[Stored entries]
BEGIN
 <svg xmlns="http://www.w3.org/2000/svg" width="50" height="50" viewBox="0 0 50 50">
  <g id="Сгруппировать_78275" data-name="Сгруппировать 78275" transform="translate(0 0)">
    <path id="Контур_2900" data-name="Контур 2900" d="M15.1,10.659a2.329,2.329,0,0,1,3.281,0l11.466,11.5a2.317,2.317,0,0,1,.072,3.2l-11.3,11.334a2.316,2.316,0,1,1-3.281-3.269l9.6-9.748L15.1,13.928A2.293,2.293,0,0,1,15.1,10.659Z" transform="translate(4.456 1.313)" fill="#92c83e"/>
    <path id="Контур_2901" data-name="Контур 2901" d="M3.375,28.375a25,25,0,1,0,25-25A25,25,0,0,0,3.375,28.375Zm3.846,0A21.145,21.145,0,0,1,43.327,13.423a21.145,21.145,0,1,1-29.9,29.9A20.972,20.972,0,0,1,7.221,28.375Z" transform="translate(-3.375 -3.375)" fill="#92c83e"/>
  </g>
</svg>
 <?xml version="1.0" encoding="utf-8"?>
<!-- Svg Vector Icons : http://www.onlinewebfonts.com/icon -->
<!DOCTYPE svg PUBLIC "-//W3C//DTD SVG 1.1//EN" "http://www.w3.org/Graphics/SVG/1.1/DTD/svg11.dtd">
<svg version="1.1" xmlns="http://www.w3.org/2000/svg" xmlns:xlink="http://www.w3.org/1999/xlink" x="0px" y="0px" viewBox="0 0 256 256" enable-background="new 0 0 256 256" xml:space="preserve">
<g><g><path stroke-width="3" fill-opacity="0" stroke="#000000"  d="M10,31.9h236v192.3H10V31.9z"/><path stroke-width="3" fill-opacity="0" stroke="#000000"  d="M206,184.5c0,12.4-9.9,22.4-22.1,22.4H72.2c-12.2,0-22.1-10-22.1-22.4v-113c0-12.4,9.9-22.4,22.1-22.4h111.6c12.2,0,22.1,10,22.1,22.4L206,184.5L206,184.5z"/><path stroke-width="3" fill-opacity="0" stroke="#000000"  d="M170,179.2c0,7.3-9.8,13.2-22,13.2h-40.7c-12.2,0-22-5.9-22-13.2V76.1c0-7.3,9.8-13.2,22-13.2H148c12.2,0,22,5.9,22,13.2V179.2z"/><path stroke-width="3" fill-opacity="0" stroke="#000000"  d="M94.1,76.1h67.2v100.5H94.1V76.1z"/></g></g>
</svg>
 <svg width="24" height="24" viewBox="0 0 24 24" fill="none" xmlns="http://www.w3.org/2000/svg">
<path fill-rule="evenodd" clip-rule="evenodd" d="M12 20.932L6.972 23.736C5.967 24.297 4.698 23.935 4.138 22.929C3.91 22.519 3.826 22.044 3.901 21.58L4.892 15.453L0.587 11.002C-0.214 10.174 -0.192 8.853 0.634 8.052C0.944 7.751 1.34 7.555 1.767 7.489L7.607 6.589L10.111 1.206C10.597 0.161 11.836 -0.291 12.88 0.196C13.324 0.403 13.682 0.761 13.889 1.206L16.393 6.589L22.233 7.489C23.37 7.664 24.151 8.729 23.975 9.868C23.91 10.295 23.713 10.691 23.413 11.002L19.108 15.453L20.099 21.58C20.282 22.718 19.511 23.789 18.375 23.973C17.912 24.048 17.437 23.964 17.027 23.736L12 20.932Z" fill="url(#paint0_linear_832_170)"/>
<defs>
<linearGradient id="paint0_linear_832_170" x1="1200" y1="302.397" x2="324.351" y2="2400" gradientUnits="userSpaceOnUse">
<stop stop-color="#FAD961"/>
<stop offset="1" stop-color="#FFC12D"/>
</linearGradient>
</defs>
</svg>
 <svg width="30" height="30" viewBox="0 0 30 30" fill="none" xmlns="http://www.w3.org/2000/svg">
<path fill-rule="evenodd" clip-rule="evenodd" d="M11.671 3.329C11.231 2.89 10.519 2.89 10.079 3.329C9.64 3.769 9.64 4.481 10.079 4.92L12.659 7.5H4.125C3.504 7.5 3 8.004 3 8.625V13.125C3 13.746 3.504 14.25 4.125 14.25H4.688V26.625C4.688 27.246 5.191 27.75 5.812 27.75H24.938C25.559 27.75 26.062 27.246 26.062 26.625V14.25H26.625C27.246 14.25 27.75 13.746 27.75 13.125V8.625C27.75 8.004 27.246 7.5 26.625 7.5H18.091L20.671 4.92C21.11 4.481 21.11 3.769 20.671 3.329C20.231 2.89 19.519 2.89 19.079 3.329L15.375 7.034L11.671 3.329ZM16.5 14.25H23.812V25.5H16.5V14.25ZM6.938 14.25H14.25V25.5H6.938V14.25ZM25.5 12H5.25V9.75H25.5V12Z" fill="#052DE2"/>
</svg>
END
- [Task brief] Retype the records above in full. Every word should match.

- [Your solution]
 <svg xmlns="http://www.w3.org/2000/svg" width="50" height="50" viewBox="0 0 50 50">
  <g id="Сгруппировать_78275" data-name="Сгруппировать 78275" transform="translate(0 0)">
    <path id="Контур_2900" data-name="Контур 2900" d="M15.1,10.659a2.329,2.329,0,0,1,3.281,0l11.466,11.5a2.317,2.317,0,0,1,.072,3.2l-11.3,11.334a2.316,2.316,0,1,1-3.281-3.269l9.6-9.748L15.1,13.928A2.293,2.293,0,0,1,15.1,10.659Z" transform="translate(4.456 1.313)" fill="#92c83e"/>
    <path id="Контур_2901" data-name="Контур 2901" d="M3.375,28.375a25,25,0,1,0,25-25A25,25,0,0,0,3.375,28.375Zm3.846,0A21.145,21.145,0,0,1,43.327,13.423a21.145,21.145,0,1,1-29.9,29.9A20.972,20.972,0,0,1,7.221,28.375Z" transform="translate(-3.375 -3.375)" fill="#92c83e"/>
  </g>
</svg>
 <?xml version="1.0" encoding="utf-8"?>
<!-- Svg Vector Icons : http://www.onlinewebfonts.com/icon -->
<!DOCTYPE svg PUBLIC "-//W3C//DTD SVG 1.1//EN" "http://www.w3.org/Graphics/SVG/1.1/DTD/svg11.dtd">
<svg version="1.1" xmlns="http://www.w3.org/2000/svg" xmlns:xlink="http://www.w3.org/1999/xlink" x="0px" y="0px" viewBox="0 0 256 256" enable-background="new 0 0 256 256" xml:space="preserve">
<g><g><path stroke-width="3" fill-opacity="0" stroke="#000000"  d="M10,31.9h236v192.3H10V31.9z"/><path stroke-width="3" fill-opacity="0" stroke="#000000"  d="M206,184.5c0,12.4-9.9,22.4-22.1,22.4H72.2c-12.2,0-22.1-10-22.1-22.4v-113c0-12.4,9.9-22.4,22.1-22.4h111.6c12.2,0,22.1,10,22.1,22.4L206,184.5L206,184.5z"/><path stroke-width="3" fill-opacity="0" stroke="#000000"  d="M170,179.2c0,7.3-9.8,13.2-22,13.2h-40.7c-12.2,0-22-5.9-22-13.2V76.1c0-7.3,9.8-13.2,22-13.2H148c12.2,0,22,5.9,22,13.2V179.2z"/><path stroke-width="3" fill-opacity="0" stroke="#000000"  d="M94.1,76.1h67.2v100.5H94.1V76.1z"/></g></g>
</svg>
 <svg width="24" height="24" viewBox="0 0 24 24" fill="none" xmlns="http://www.w3.org/2000/svg">
<path fill-rule="evenodd" clip-rule="evenodd" d="M12 20.932L6.972 23.736C5.967 24.297 4.698 23.935 4.138 22.929C3.91 22.519 3.826 22.044 3.901 21.58L4.892 15.453L0.587 11.002C-0.214 10.174 -0.192 8.853 0.634 8.052C0.944 7.751 1.34 7.555 1.767 7.489L7.607 6.589L10.111 1.206C10.597 0.161 11.836 -0.291 12.88 0.196C13.324 0.403 13.682 0.761 13.889 1.206L16.393 6.589L22.233 7.489C23.37 7.664 24.151 8.729 23.975 9.868C23.91 10.295 23.713 10.691 23.413 11.002L19.108 15.453L20.099 21.58C20.282 22.718 19.511 23.789 18.375 23.973C17.912 24.048 17.437 23.964 17.027 23.736L12 20.932Z" fill="url(#paint0_linear_832_170)"/>
<defs>
<linearGradient id="paint0_linear_832_170" x1="1200" y1="302.397" x2="324.351" y2="2400" gradientUnits="userSpaceOnUse">
<stop stop-color="#FAD961"/>
<stop offset="1" stop-color="#FFC12D"/>
</linearGradient>
</defs>
</svg>
 <svg width="30" height="30" viewBox="0 0 30 30" fill="none" xmlns="http://www.w3.org/2000/svg">
<path fill-rule="evenodd" clip-rule="evenodd" d="M11.671 3.329C11.231 2.89 10.519 2.89 10.079 3.329C9.64 3.769 9.64 4.481 10.079 4.92L12.659 7.5H4.125C3.504 7.5 3 8.004 3 8.625V13.125C3 13.746 3.504 14.25 4.125 14.25H4.688V26.625C4.688 27.246 5.191 27.75 5.812 27.75H24.938C25.559 27.75 26.062 27.246 26.062 26.625V14.25H26.625C27.246 14.25 27.75 13.746 27.75 13.125V8.625C27.75 8.004 27.246 7.5 26.625 7.5H18.091L20.671 4.92C21.11 4.481 21.11 3.769 20.671 3.329C20.231 2.89 19.519 2.89 19.079 3.329L15.375 7.034L11.671 3.329ZM16.5 14.25H23.812V25.5H16.5V14.25ZM6.938 14.25H14.25V25.5H6.938V14.25ZM25.5 12H5.25V9.75H25.5V12Z" fill="#052DE2"/>
</svg>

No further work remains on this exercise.